Published: 2025-11-17 14:49:57+00:00

AI Summary

This paper introduces Foresee, a novel training-free pipeline leveraging vanilla Multimodal Large Language Models (MLLMs) for image forgery detection and localization (IFDL). Foresee eliminates the need for extensive training and enables lightweight inference, significantly improving tamper localization accuracy and the richness of textual explanations compared to existing MLLM-based methods. It achieves this by employing a type-prior-driven strategy and a Flexible Feature Detector (FFD) module to specifically handle copy-move manipulations.

Abstract

With the rapid advancement of artificial intelligence-generated content (AIGC) technologies, including multimodal large language models (MLLMs) and diffusion models, image generation and manipulation have become remarkably effortless.

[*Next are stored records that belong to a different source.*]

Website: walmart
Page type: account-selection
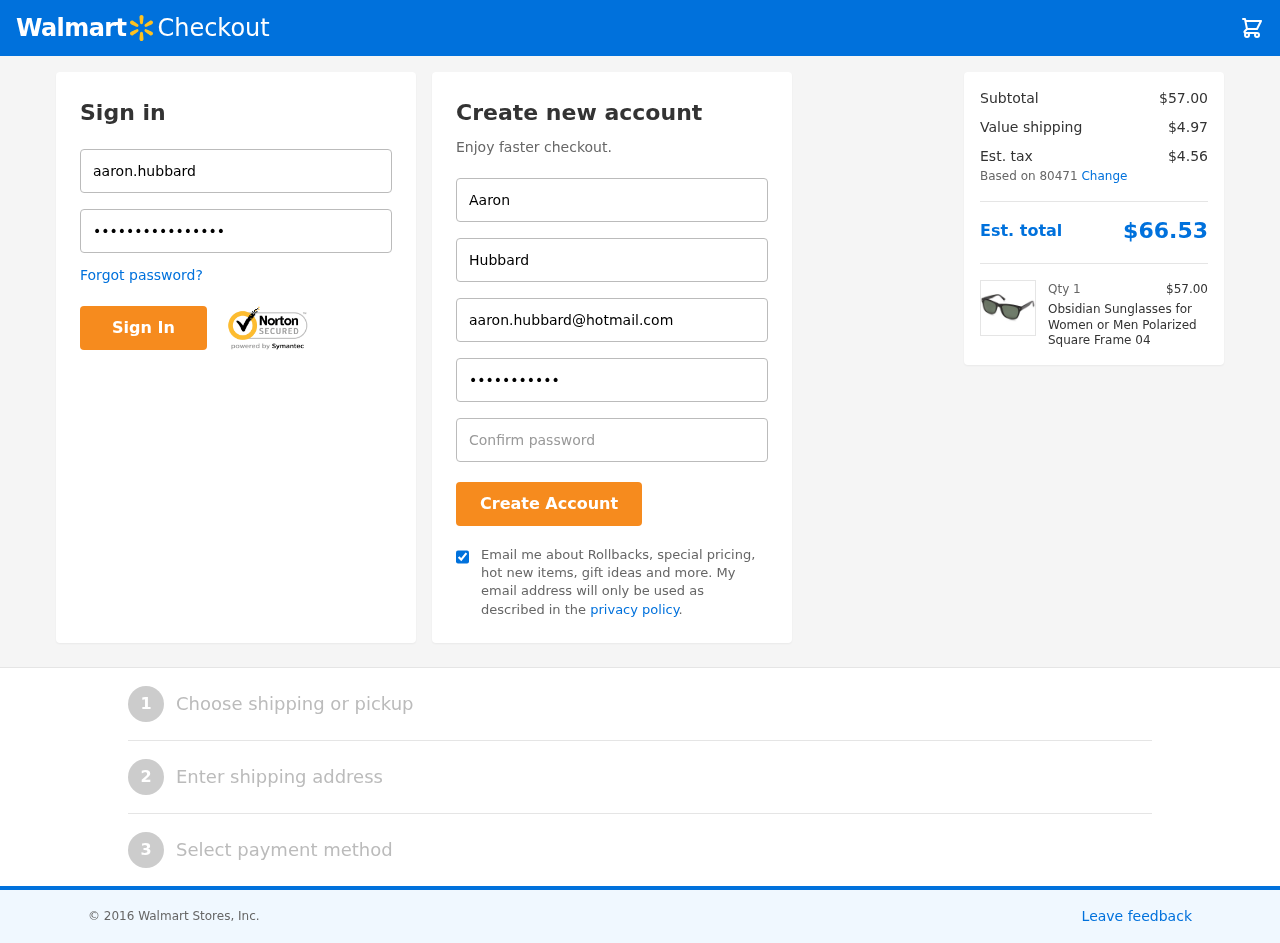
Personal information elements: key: PII_EMAIL
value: aaron.hubbard@hotmail.com
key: PII_FIRSTNAME
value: Aaron
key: PII_LASTNAME
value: Hubbard
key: PII_LOGIN_USERNAME
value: aaron.hubbard
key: PII_POSTCODE
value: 80471
Product elements: key: PRODUCT1_NAME
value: Obsidian Sunglasses for Women or Men Polarized Square Frame 04
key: PRODUCT1_PRICE
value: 57
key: PRODUCT1_QUANTITY
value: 1
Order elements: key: ORDER_SUBTOTAL
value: $57.00
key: ORDER_SHIPPING_COST
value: $4.97
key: ORDER_TAX
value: $4.56
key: ORDER_TOTAL
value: $66.53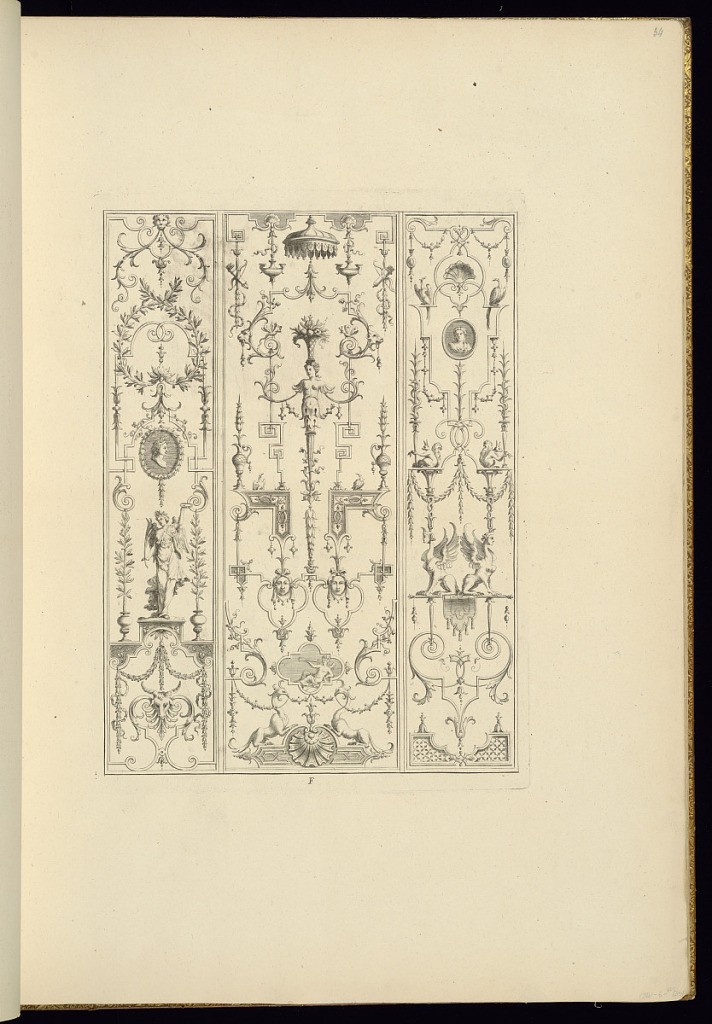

Existing image forgery detection and localization (IFDL) methods often struggle to generalize across diverse datasets and offer limited interpretability. Nowadays, MLLMs demonstrate strong generalization potential across diverse vision-language tasks, and some studies introduce this capability to IFDL via large-scale training. However, such approaches cost considerable computational resources, while failing to reveal the inherent generalization potential of vanilla MLLMs to address this problem. Inspired by this observation, we propose Foresee, a training-free MLLM-based pipeline tailored for image forgery analysis. It eliminates the need for additional training and enables a lightweight inference process, while surpassing existing MLLM-based methods in both tamper localization accuracy and the richness of textual explanations. Foresee employs a type-prior-driven strategy and utilizes a Flexible Feature Detector (FFD) module to specifically handle copy-move manipulations, thereby effectively unleashing the potential of vanilla MLLMs in the forensic domain. Extensive experiments demonstrate that our approach simultaneously achieves superior localization accuracy and provides more comprehensive textual explanations. Moreover, Foresee exhibits stronger generalization capability, outperforming existing IFDL methods across various tampering types, including copy-move, splicing, removal, local enhancement, deepfake, and AIGC-based editing. The code will be released in the final version.


Key findings
Foresee achieves superior localization accuracy and provides more comprehensive, accurate, and readable textual explanations compared to both vanilla MLLMs and other interpretable IFDL methods. It demonstrates stronger generalization capabilities across diverse tampering types (copy-move, splicing, deepfake, AIGC-based editing) and exhibits robust performance under common image degradations like JPEG compression and Gaussian noise.
Approach
Foresee is a training-free MLLM-based pipeline that decomposes the tampering detection process through a chain-of-thought paradigm. It first predicts the forgery type using a type-prior-driven strategy, which then guides the MLLM with task-specific prompts. A Flexible Feature Detector (FFD) module is integrated to enhance detection of copy-move manipulations, and finally, MLLM-guided inference combined with GroundingDINO and SAM generates both textual explanations and precise localization masks.
Datasets
CASIA1.0+, Columbia, IMD2020, Coverage, NIST16 (editing datasets); FaceApp (deepfake dataset); OpenForensics (AIGC-based editing dataset)
Model(s)
UNKNOWN
Author countries
China